もし、マスターブートレコード(MBR)の場合、チェックアプリでWindows 11が実行できない、となる。その場合、手間だがシステムドライブをMBRからGPTに変換する必要がある。GPTに変換さえすれば、晴れてWindows 11が実行可能な環境となる。確実に変換する方法としては、ディスクをクローンコピーする。HDD乃至SSDがもう一台と、変換に使用するソフトウェアが必要となる。何らかのきっかけでシステムドライブを換装する際に、ついでにMBRからGPTに変換するのを忘れないようにしよう。
Windows 10で現在TPMが有効かどうか、アプリで確認しよう。Windowsの検索から『tpm.msc』と入力し、表示されたアプリを開こう。
上記アプリでTPMが見つからない場合、UEFIでTPMが無効になっていると考えられる。これはUEFIでTPMを有効にすればいいだけなので、難儀ではないはずだ。
UEFI BIOSの設定を変えると、最悪、OSが起動しなくなる。リスクを最小限に控えるには、同時に色々設定するのではなく、ひとつずつ確認して設定しよう。TPMの場合、一箇所をEnableにすればいいだけだ。
筆者の環境がASUS製マザーボードのため、他社製の場合は大きく異なる可能性があるので、以下は参考例としてとどめてほしい。
ASUS製UEFI BIOSではPCH-FW Configuration内の、PTTをEnableにすれば、TPMの有効化は完了である。
念のためTPMが有効になったかどうか、アプリで確認しよう。
Windows 11実行要件を満たしているスペックのPCで起動ディスクをGPTフォーマットにし、TPMが有効になったので、再びチェックアプリで確認してみた。
デスクトップにショートカットを作成していない場合、Windows検索バーからPC 正常性チェックで開く。

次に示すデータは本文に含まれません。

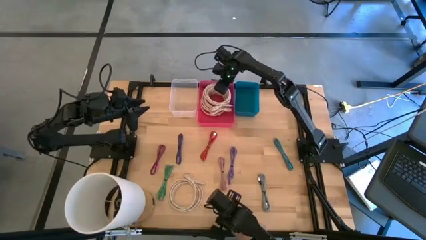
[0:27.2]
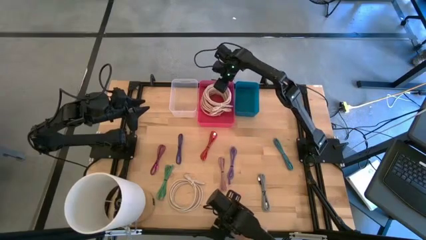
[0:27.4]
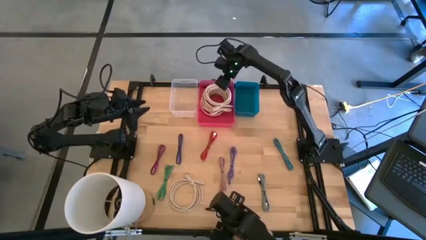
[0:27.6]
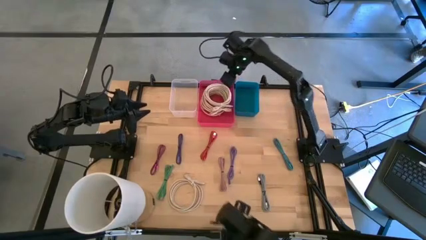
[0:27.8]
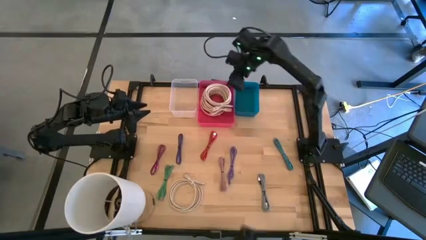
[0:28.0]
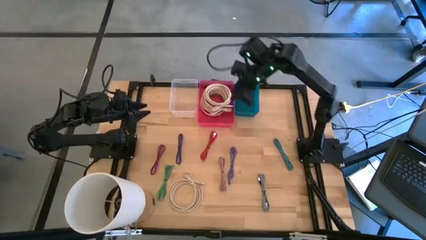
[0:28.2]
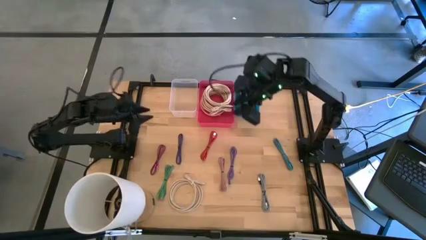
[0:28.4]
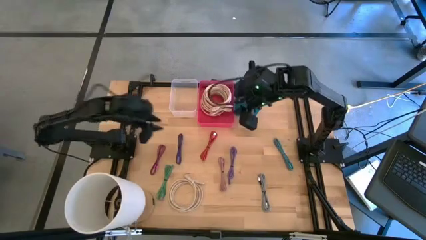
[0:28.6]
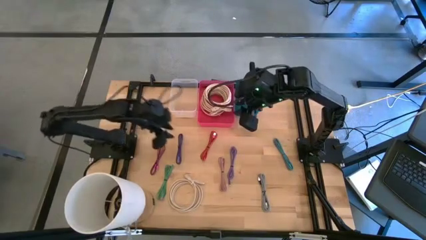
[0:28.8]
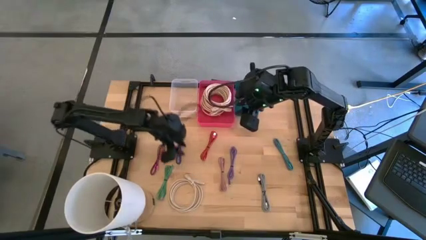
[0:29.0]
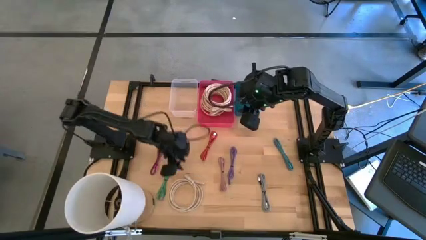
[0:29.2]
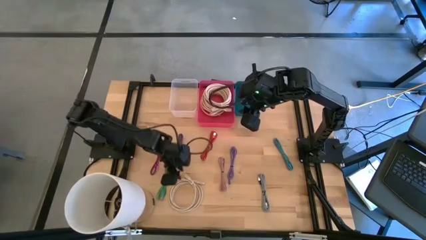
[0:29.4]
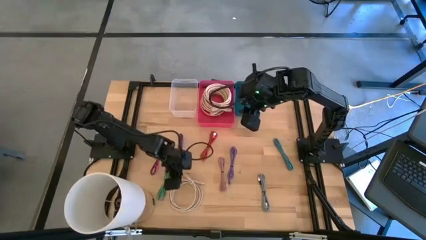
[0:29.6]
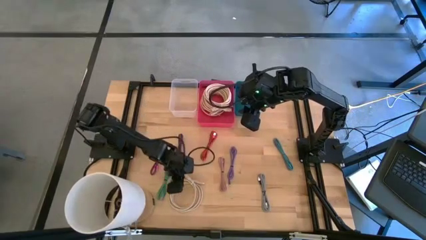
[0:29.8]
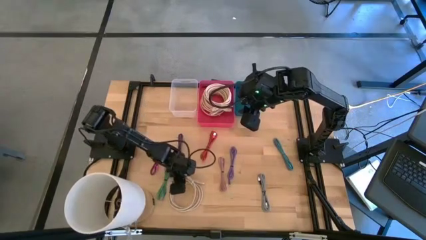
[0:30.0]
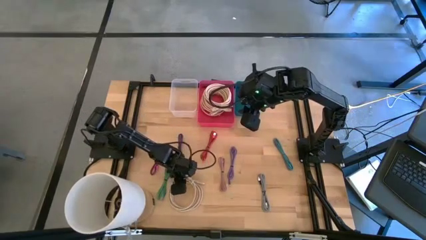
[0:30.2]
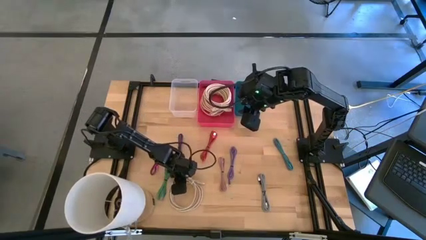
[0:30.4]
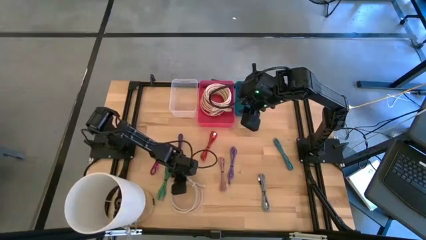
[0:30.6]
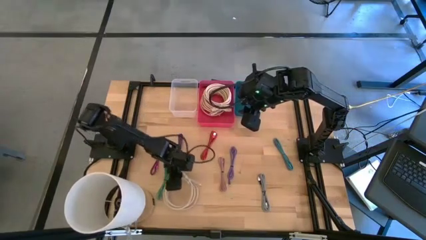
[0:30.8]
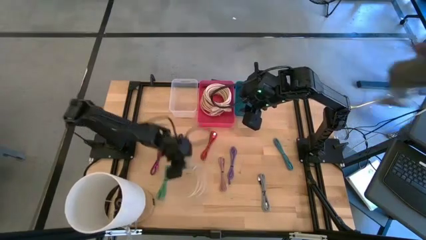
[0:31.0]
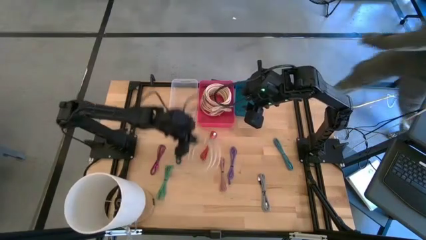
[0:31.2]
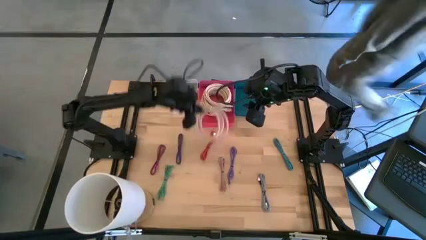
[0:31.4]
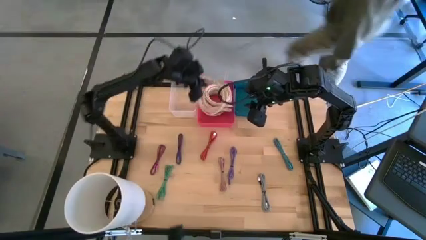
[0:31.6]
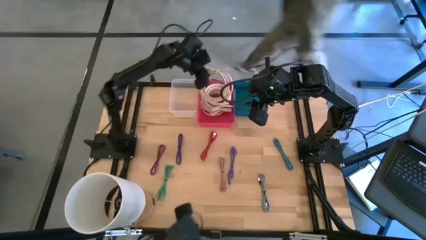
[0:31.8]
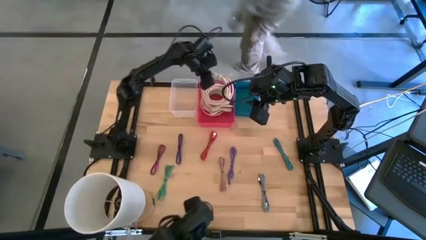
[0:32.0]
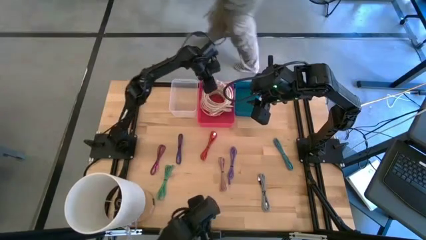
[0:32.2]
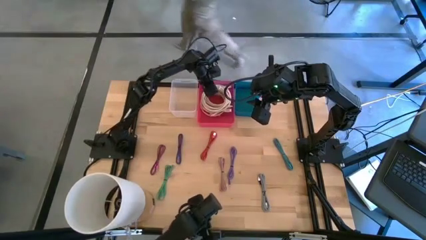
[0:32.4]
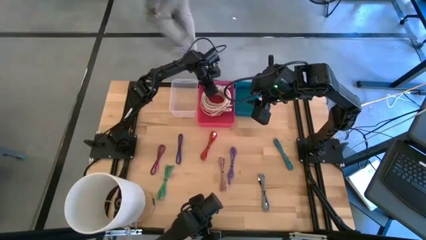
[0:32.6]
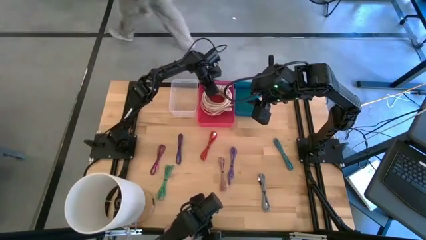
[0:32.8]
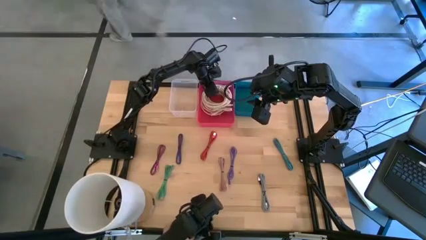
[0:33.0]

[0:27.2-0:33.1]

スペックを満たしたCPUとチップセットを使っているのに、PC正常性アプリで非対応の場合、UEFIのTPMが有効になっているか、落とし穴として起動ディスクがMBRになっていないか、この2点は絶対確認しよう。
おまけ MBRの起動ディスクをGPTに変換する方法
筆者のNVMe SSDはMBRだったため、GPTに変換して対応した。
Windows 10でシステムのMBRをGPTに変換する機能があるようだが、万が一失敗した場合、起動できなくなる。それよりはリスクを最小限に抑えるためにも、換装できるクローンディスクは用意した方が良い。今回はCドライブの2TB ADATA製M.2 NVMe SSDをMBRからGPTに変換する際、一旦システムをWD製4TBのHDDにクローンしている。
コピー終了後の作業は、事前にHD革命で作成していたDVD-R(DVD-RW、BD-R、USBメモリなどで代替可能)のWindows PEからPCを起動して、コピー先のHDDからNVMe SSDにもう一度同じ手順でクローンコピーするだけ。いたって簡単である。ただし、クローン先クローン元のディスク選択ミスとかはあり得るので、自信がない人は関係のないHDDは外しておくことをお勧めする。今回筆者のシステムドライブはM.2のSSDだったため、いちいち取り外したりはしていない。だが、関係のないHDDは外すのが王道である。
万が一起動できなくなった場合、BIOSでUEFIモードに設定しているか確認しよう。
以上、Windows 11実行可能にするためのTPM有効化、UEFIセキュアブート対応、MBRからのGPT変換の方法でした。